- **EXTRACTED MATERIAL**:
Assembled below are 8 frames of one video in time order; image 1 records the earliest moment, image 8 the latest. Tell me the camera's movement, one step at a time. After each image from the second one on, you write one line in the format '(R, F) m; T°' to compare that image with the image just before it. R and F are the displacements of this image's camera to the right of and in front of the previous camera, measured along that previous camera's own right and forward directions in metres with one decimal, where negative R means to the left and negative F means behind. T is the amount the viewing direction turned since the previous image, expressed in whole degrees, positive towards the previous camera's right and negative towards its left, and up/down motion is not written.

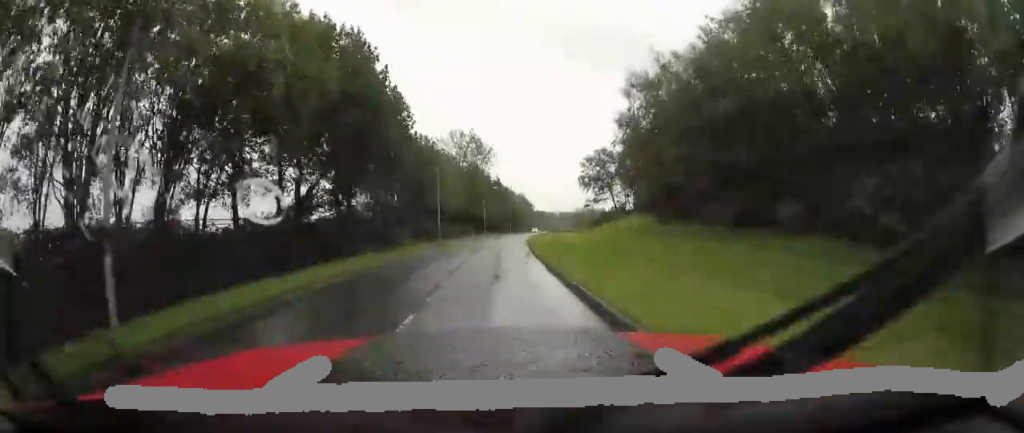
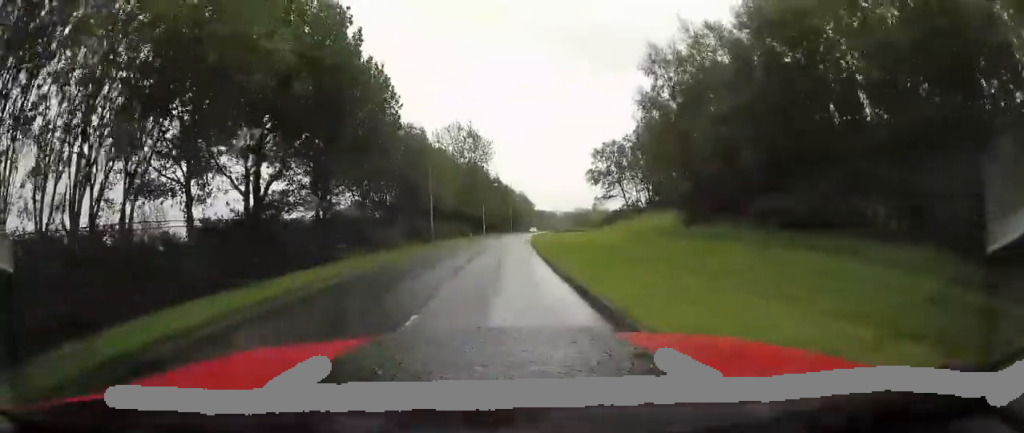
(-0.1, +4.0) m; 0°
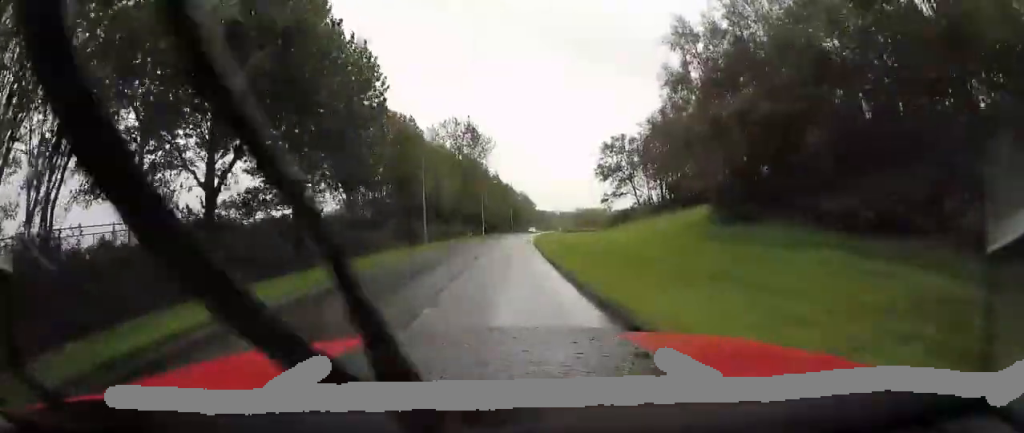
(-0.1, +3.3) m; +1°
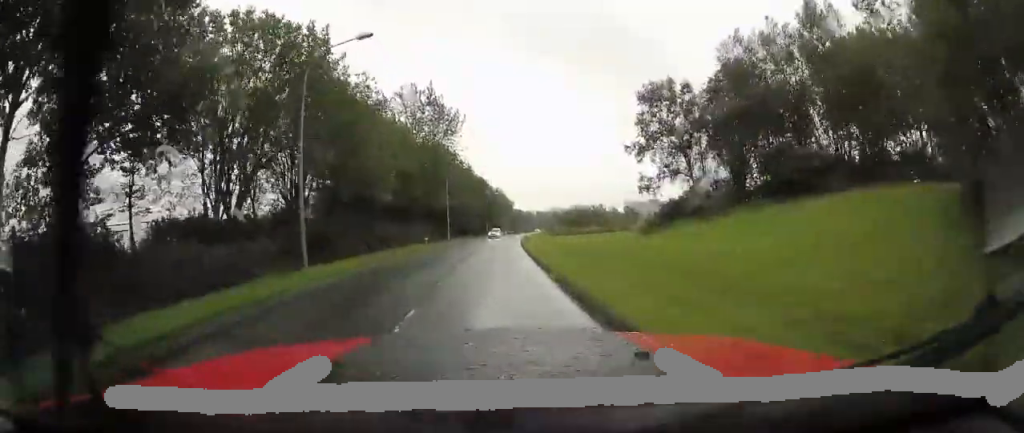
(+0.7, +15.0) m; +3°
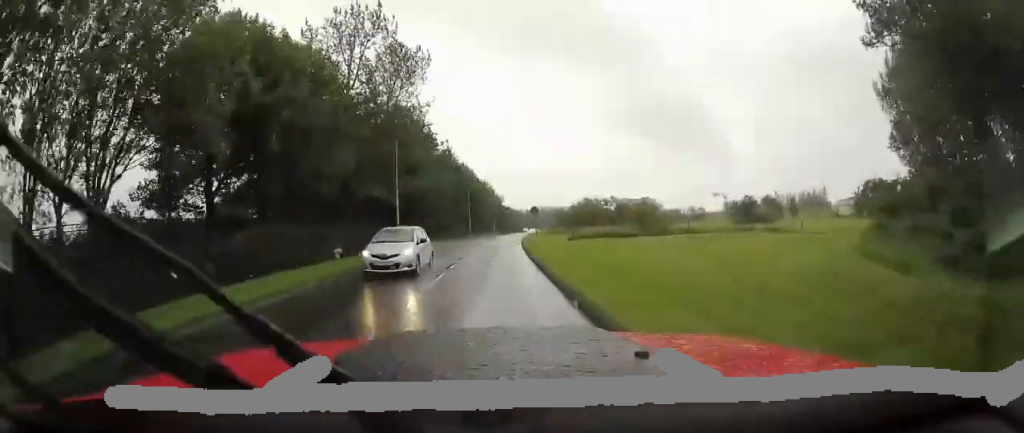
(-0.4, +16.9) m; -1°
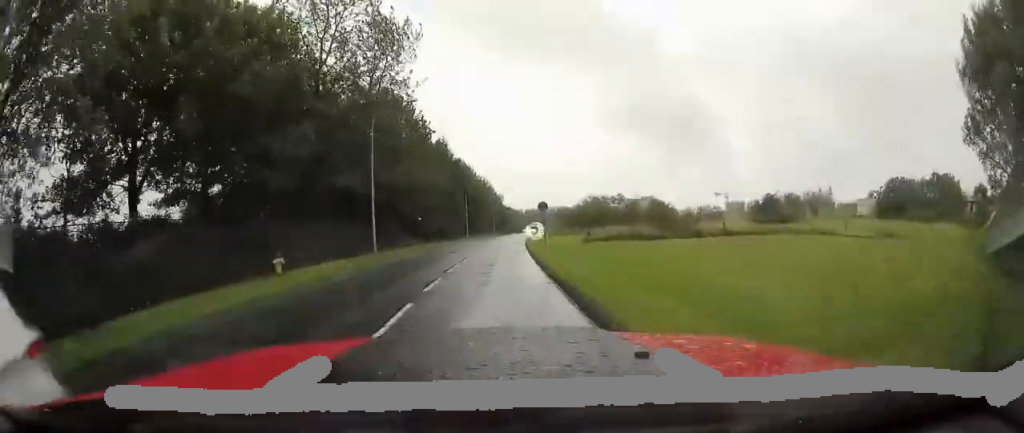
(0.0, +4.7) m; +1°
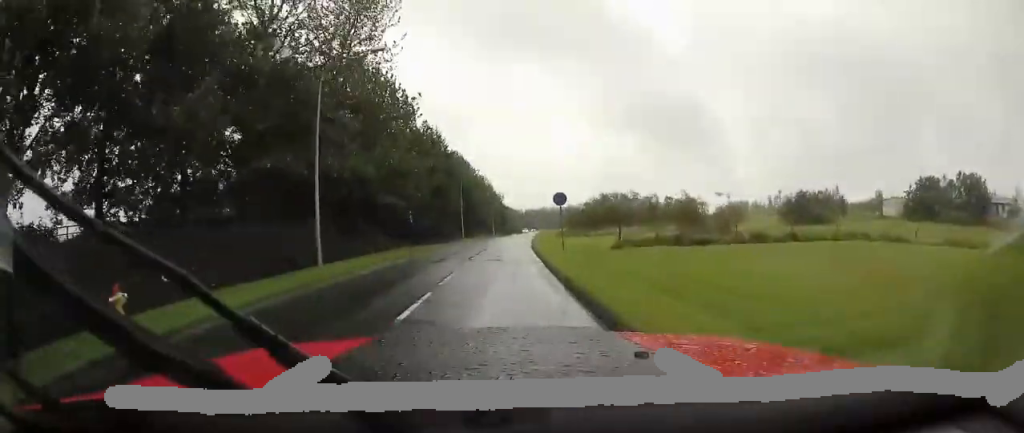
(+0.1, +6.1) m; +1°
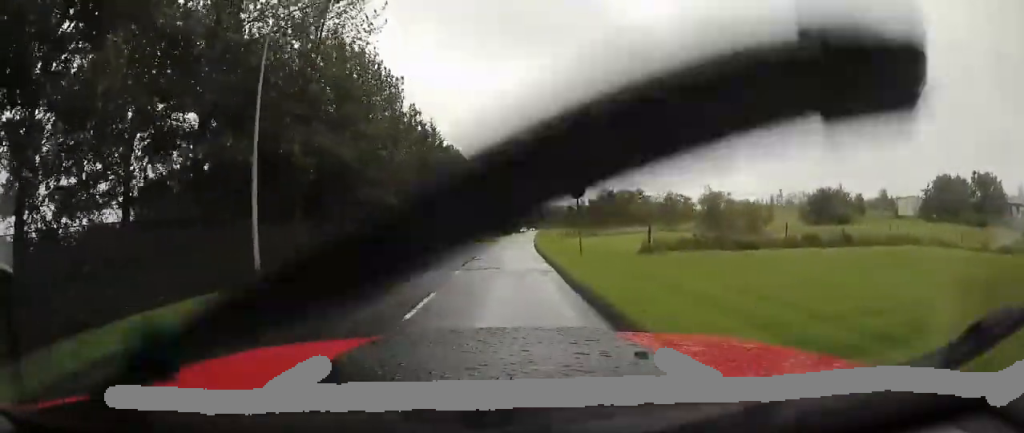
(-0.1, +3.8) m; +1°

- **TASK**:
Images stay out, but the rest of the data above must be repeated exactly.

- **ANSWER**:
Assembled below are 8 frames of one video in time order; image 1 records the earliest moment, image 8 the latest. Tell me the camera's movement, one step at a time. After each image from the second one on, you write one line in the format '(R, F) m; T°' to compare that image with the image just before it. R and F are the displacements of this image's camera to the right of and in front of the previous camera, measured along that previous camera's own right and forward directions in metres with one decimal, where negative R means to the left and negative F means behind. T is the amount the viewing direction turned since the previous image, expressed in whole degrees, positive towards the previous camera's right and negative towards its left, and up/down motion is not written.

(-0.1, +4.0) m; 0°
(-0.1, +3.3) m; +1°
(+0.7, +15.0) m; +3°
(-0.4, +16.9) m; -1°
(0.0, +4.7) m; +1°
(+0.1, +6.1) m; +1°
(-0.1, +3.8) m; +1°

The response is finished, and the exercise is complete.